Avian Flu

Recent reports about the detection of highly infective avian influenza (HPAI) in US livestock (a young goat, herds of dairy cattle) and even an individual in Texas have raised the specter of the SARS-COV2 pandemic, leading some to ask whether a new global incident is just around the corner. In today’s Tulane Medicine Digest, we will discuss the current state of the avian influenza outbreak, the CDC’s thoughts on risk to humans, and the available options for prevention and treatment of HPAI.

A Brief History of Avian Influenza

Avian influenza was first identified over a century ago, with initial reports dating back to 1878, but outbreaks remained sporadic and contained throughout most of the twentieth century. Beginning in the 1990s, the increasing density of poultry populations (as a result of intensive farming) has resulted in longer, more frequent waves. H5N1—the strain of highly pathogenic avian influenza A (HPAI) at the heart of current reports—was first detected in 1996. Like many viruses, avian influenza undergoes genetic reassortment—a process in which viruses exchange genetic material between variants over time—leading to mutations that can alter infectivity and transmission.. The current H5N1 outbreak began in 2020 in chickens and wild birds and likely occurred due to such mutations. Cases in North America began in late 2021, but were primarily restricted to domestic poultry and wild birds, with occasional cases in wild mammals.

The recent detection in U.S. non-poultry farm animals, and limited transmission to humans, has understandably led to some public concern. It is important to note that in the US, the only known cases so far involve a poultry worker in Colorado in 2022 and a cattle worker in Texas in April of 2024. In both cases, symptoms were mild and resolved after only a few days. While infections can potentially cause severe illness, the risk of a large outbreak remains low due to the difficulty of human-to-human transmission. A 2023 case in a Chilean man briefly raised alarms due to the presence of a mutation known to increase viral replication, but several further mutations would have been necessary for the virus to easily spread between humans. Overall, the Centers for Disease Control and Prevention (CDC) has thus maintained its judgment that the current strain of H5N1 poses little direct threat to humans

Environmental and Agricultural Impact of HPAI

A greater concern has been the potential impact of viral spread on livestock and endangered species.
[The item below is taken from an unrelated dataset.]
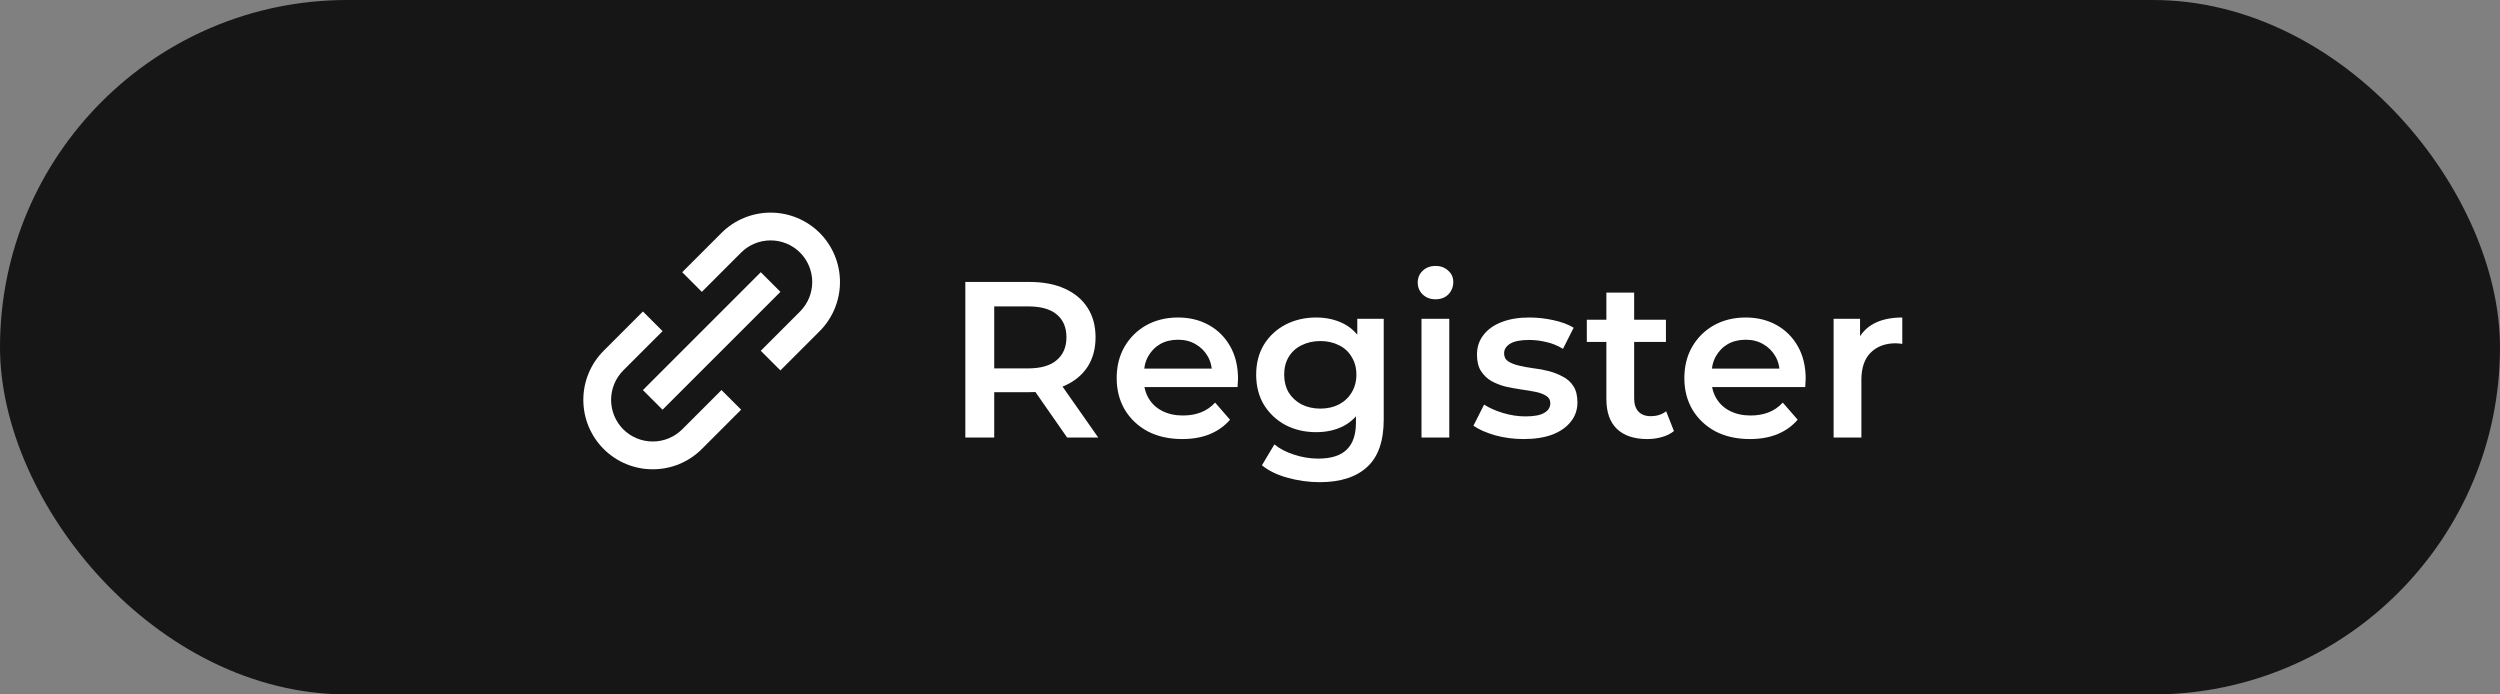 <?xml version="1.0" encoding="UTF-8"?> <svg xmlns="http://www.w3.org/2000/svg" width="180" height="50" viewBox="0 0 180 50" fill="none"><rect x="0" y="0" width="180" height="50" fill="#808080" stroke="none"/><rect width="180" height="50" rx="25" fill="#161616"></rect><path d="M43.462 32.327C43.926 32.791 44.477 33.159 45.084 33.41C45.69 33.661 46.34 33.79 46.997 33.788C47.654 33.79 48.304 33.661 48.911 33.41C49.518 33.159 50.069 32.791 50.533 32.327L53.361 29.497L51.947 28.084L49.119 30.913C48.555 31.474 47.793 31.788 46.998 31.788C46.202 31.788 45.44 31.474 44.876 30.913C44.315 30.349 43.999 29.586 43.999 28.791C43.999 27.996 44.315 27.233 44.876 26.669L47.705 23.841L46.291 22.427L43.462 25.256C42.526 26.194 42 27.465 42 28.791C42 30.117 42.526 31.388 43.462 32.327ZM59.018 23.841C59.954 22.903 60.479 21.631 60.479 20.306C60.479 18.981 59.954 17.709 59.018 16.77C58.08 15.834 56.808 15.309 55.483 15.309C54.157 15.309 52.885 15.834 51.947 16.77L49.119 19.599L50.533 21.014L53.361 18.184C53.925 17.623 54.687 17.309 55.483 17.309C56.278 17.309 57.04 17.623 57.604 18.184C58.165 18.748 58.481 19.511 58.481 20.306C58.481 21.101 58.165 21.864 57.604 22.427L54.775 25.256L56.189 26.669L59.018 23.841Z" fill="white"></path><path d="M47.704 29.499L46.289 28.085L54.776 19.599L56.19 21.014L47.704 29.499Z" fill="white"></path><path d="M69.504 31.5V20.3H74.112C75.104 20.3 75.952 20.46 76.656 20.78C77.371 21.1 77.92 21.559 78.304 22.156C78.688 22.753 78.88 23.463 78.88 24.284C78.88 25.105 78.688 25.815 78.304 26.412C77.92 26.999 77.371 27.452 76.656 27.772C75.952 28.081 75.104 28.236 74.112 28.236H70.656L71.584 27.292V31.5H69.504ZM76.832 31.5L74 27.436H76.224L79.072 31.5H76.832ZM71.584 27.516L70.656 26.524H74.016C74.933 26.524 75.621 26.327 76.08 25.932C76.549 25.537 76.784 24.988 76.784 24.284C76.784 23.569 76.549 23.02 76.08 22.636C75.621 22.252 74.933 22.06 74.016 22.06H70.656L71.584 21.036V27.516ZM85.121 31.612C84.172 31.612 83.34 31.425 82.625 31.052C81.921 30.668 81.372 30.145 80.977 29.484C80.593 28.823 80.401 28.071 80.401 27.228C80.401 26.375 80.588 25.623 80.961 24.972C81.345 24.311 81.868 23.793 82.529 23.42C83.201 23.047 83.964 22.86 84.817 22.86C85.649 22.86 86.391 23.041 87.041 23.404C87.692 23.767 88.204 24.279 88.577 24.94C88.951 25.601 89.137 26.38 89.137 27.276C89.137 27.361 89.132 27.457 89.121 27.564C89.121 27.671 89.116 27.772 89.105 27.868H81.985V26.54H88.049L87.265 26.956C87.276 26.465 87.174 26.033 86.961 25.66C86.748 25.287 86.454 24.993 86.081 24.78C85.719 24.567 85.297 24.46 84.817 24.46C84.326 24.46 83.894 24.567 83.521 24.78C83.159 24.993 82.871 25.292 82.657 25.676C82.454 26.049 82.353 26.492 82.353 27.004V27.324C82.353 27.836 82.471 28.289 82.705 28.684C82.94 29.079 83.27 29.383 83.697 29.596C84.124 29.809 84.615 29.916 85.169 29.916C85.649 29.916 86.081 29.841 86.465 29.692C86.849 29.543 87.191 29.308 87.489 28.988L88.561 30.22C88.177 30.668 87.692 31.015 87.105 31.26C86.529 31.495 85.868 31.612 85.121 31.612ZM95.02 34.716C94.231 34.716 93.458 34.609 92.7 34.396C91.954 34.193 91.34 33.895 90.86 33.5L91.756 31.996C92.13 32.305 92.599 32.551 93.164 32.732C93.74 32.924 94.322 33.02 94.908 33.02C95.847 33.02 96.535 32.801 96.972 32.364C97.41 31.937 97.628 31.292 97.628 30.428V28.908L97.788 26.972L97.724 25.036V22.956H99.628V30.204C99.628 31.751 99.234 32.887 98.444 33.612C97.655 34.348 96.514 34.716 95.02 34.716ZM94.764 31.116C93.954 31.116 93.218 30.945 92.556 30.604C91.906 30.252 91.388 29.767 91.004 29.148C90.631 28.529 90.444 27.804 90.444 26.972C90.444 26.151 90.631 25.431 91.004 24.812C91.388 24.193 91.906 23.713 92.556 23.372C93.218 23.031 93.954 22.86 94.764 22.86C95.49 22.86 96.14 23.004 96.716 23.292C97.292 23.58 97.751 24.028 98.092 24.636C98.444 25.244 98.62 26.023 98.62 26.972C98.62 27.921 98.444 28.705 98.092 29.324C97.751 29.932 97.292 30.385 96.716 30.684C96.14 30.972 95.49 31.116 94.764 31.116ZM95.068 29.42C95.57 29.42 96.018 29.319 96.412 29.116C96.807 28.903 97.111 28.615 97.324 28.252C97.548 27.879 97.66 27.452 97.66 26.972C97.66 26.492 97.548 26.071 97.324 25.708C97.111 25.335 96.807 25.052 96.412 24.86C96.018 24.657 95.57 24.556 95.068 24.556C94.567 24.556 94.114 24.657 93.708 24.86C93.314 25.052 93.004 25.335 92.78 25.708C92.567 26.071 92.46 26.492 92.46 26.972C92.46 27.452 92.567 27.879 92.78 28.252C93.004 28.615 93.314 28.903 93.708 29.116C94.114 29.319 94.567 29.42 95.068 29.42ZM102.348 31.5V22.956H104.348V31.5H102.348ZM103.356 21.548C102.982 21.548 102.673 21.431 102.428 21.196C102.193 20.961 102.076 20.679 102.076 20.348C102.076 20.007 102.193 19.724 102.428 19.5C102.673 19.265 102.982 19.148 103.356 19.148C103.729 19.148 104.033 19.26 104.268 19.484C104.513 19.697 104.636 19.969 104.636 20.3C104.636 20.652 104.518 20.951 104.284 21.196C104.049 21.431 103.74 21.548 103.356 21.548ZM109.703 31.612C108.988 31.612 108.3 31.521 107.639 31.34C106.988 31.148 106.471 30.919 106.087 30.652L106.855 29.132C107.239 29.377 107.697 29.58 108.231 29.74C108.764 29.9 109.297 29.98 109.831 29.98C110.46 29.98 110.913 29.895 111.191 29.724C111.479 29.553 111.623 29.324 111.623 29.036C111.623 28.801 111.527 28.625 111.335 28.508C111.143 28.38 110.892 28.284 110.583 28.22C110.273 28.156 109.927 28.097 109.543 28.044C109.169 27.991 108.791 27.921 108.407 27.836C108.033 27.74 107.692 27.607 107.383 27.436C107.073 27.255 106.823 27.015 106.631 26.716C106.439 26.417 106.343 26.023 106.343 25.532C106.343 24.988 106.497 24.519 106.807 24.124C107.116 23.719 107.548 23.409 108.103 23.196C108.668 22.972 109.335 22.86 110.103 22.86C110.679 22.86 111.26 22.924 111.847 23.052C112.433 23.18 112.919 23.361 113.303 23.596L112.535 25.116C112.129 24.871 111.719 24.705 111.303 24.62C110.897 24.524 110.492 24.476 110.087 24.476C109.479 24.476 109.025 24.567 108.727 24.748C108.439 24.929 108.295 25.159 108.295 25.436C108.295 25.692 108.391 25.884 108.583 26.012C108.775 26.14 109.025 26.241 109.335 26.316C109.644 26.391 109.985 26.455 110.359 26.508C110.743 26.551 111.121 26.62 111.495 26.716C111.868 26.812 112.209 26.945 112.519 27.116C112.839 27.276 113.095 27.505 113.287 27.804C113.479 28.103 113.575 28.492 113.575 28.972C113.575 29.505 113.415 29.969 113.095 30.364C112.785 30.759 112.343 31.068 111.767 31.292C111.191 31.505 110.503 31.612 109.703 31.612ZM118.603 31.612C117.664 31.612 116.939 31.372 116.427 30.892C115.915 30.401 115.659 29.681 115.659 28.732V21.068H117.659V28.684C117.659 29.089 117.76 29.404 117.963 29.628C118.176 29.852 118.47 29.964 118.843 29.964C119.291 29.964 119.664 29.847 119.963 29.612L120.523 31.036C120.288 31.228 120 31.372 119.659 31.468C119.318 31.564 118.966 31.612 118.603 31.612ZM114.251 24.62V23.02H119.947V24.62H114.251ZM125.993 31.612C125.044 31.612 124.212 31.425 123.497 31.052C122.793 30.668 122.244 30.145 121.849 29.484C121.465 28.823 121.273 28.071 121.273 27.228C121.273 26.375 121.46 25.623 121.833 24.972C122.217 24.311 122.74 23.793 123.401 23.42C124.073 23.047 124.836 22.86 125.689 22.86C126.521 22.86 127.262 23.041 127.913 23.404C128.564 23.767 129.076 24.279 129.449 24.94C129.822 25.601 130.009 26.38 130.009 27.276C130.009 27.361 130.004 27.457 129.993 27.564C129.993 27.671 129.988 27.772 129.977 27.868H122.857V26.54H128.921L128.137 26.956C128.148 26.465 128.046 26.033 127.833 25.66C127.62 25.287 127.326 24.993 126.953 24.78C126.59 24.567 126.169 24.46 125.689 24.46C125.198 24.46 124.766 24.567 124.393 24.78C124.03 24.993 123.742 25.292 123.529 25.676C123.326 26.049 123.225 26.492 123.225 27.004V27.324C123.225 27.836 123.342 28.289 123.577 28.684C123.812 29.079 124.142 29.383 124.569 29.596C124.996 29.809 125.486 29.916 126.041 29.916C126.521 29.916 126.953 29.841 127.337 29.692C127.721 29.543 128.062 29.308 128.361 28.988L129.433 30.22C129.049 30.668 128.564 31.015 127.977 31.26C127.401 31.495 126.74 31.612 125.993 31.612ZM132.02 31.5V22.956H133.924V25.308L133.7 24.62C133.956 24.044 134.356 23.607 134.9 23.308C135.455 23.009 136.143 22.86 136.964 22.86V24.764C136.879 24.743 136.799 24.732 136.724 24.732C136.649 24.721 136.575 24.716 136.5 24.716C135.743 24.716 135.14 24.94 134.692 25.388C134.244 25.825 134.02 26.481 134.02 27.356V31.5H132.02Z" fill="white"></path></svg>

In addition to the direct deaths from avian influenza, large numbers of animals often need to be isolated or culled in order to prevent spread. Such measures can lead to large fluctuations in the prices of products – such as eggs or milk – due to disrupted supply chains and increased costs of surveillance. It is currently unknown exactly how the disease transmits, so this is the main question that would impact a potential future mammalian spread. Airborne transmission—a large factor in the rapid spread of SARS-COV2—would pose the greatest threat. However, a recent study observed that the highest concentration of virus in dairy cattle was found in the milk itself, suggesting that the primary route of spread between cows may be due to direct contact with contaminated gloves or milking machinery, rather than by breathing. While this indicates presence of the virus in milk, pasteurization has been shown to destroy the pathogen. Despite this data, out of an abundance of caution the FDA has recommended discarding products from symptomatic animals to further reduce risk.

Whether transmission is direct or airborne, the most effective method of combatting further spread is likely to be a widespread vaccination. However, many livestock producers are reluctant to employ vaccination due to difficulties in exporting vaccinated animals and concerns over spread via asymptomatic carriers. Thus, a concerted effort is necessary to develop other effective methods of containing infection, increase efficacy of vaccines, and work to change policy to facilitate global use of preventative –  rather than reactive – measures. 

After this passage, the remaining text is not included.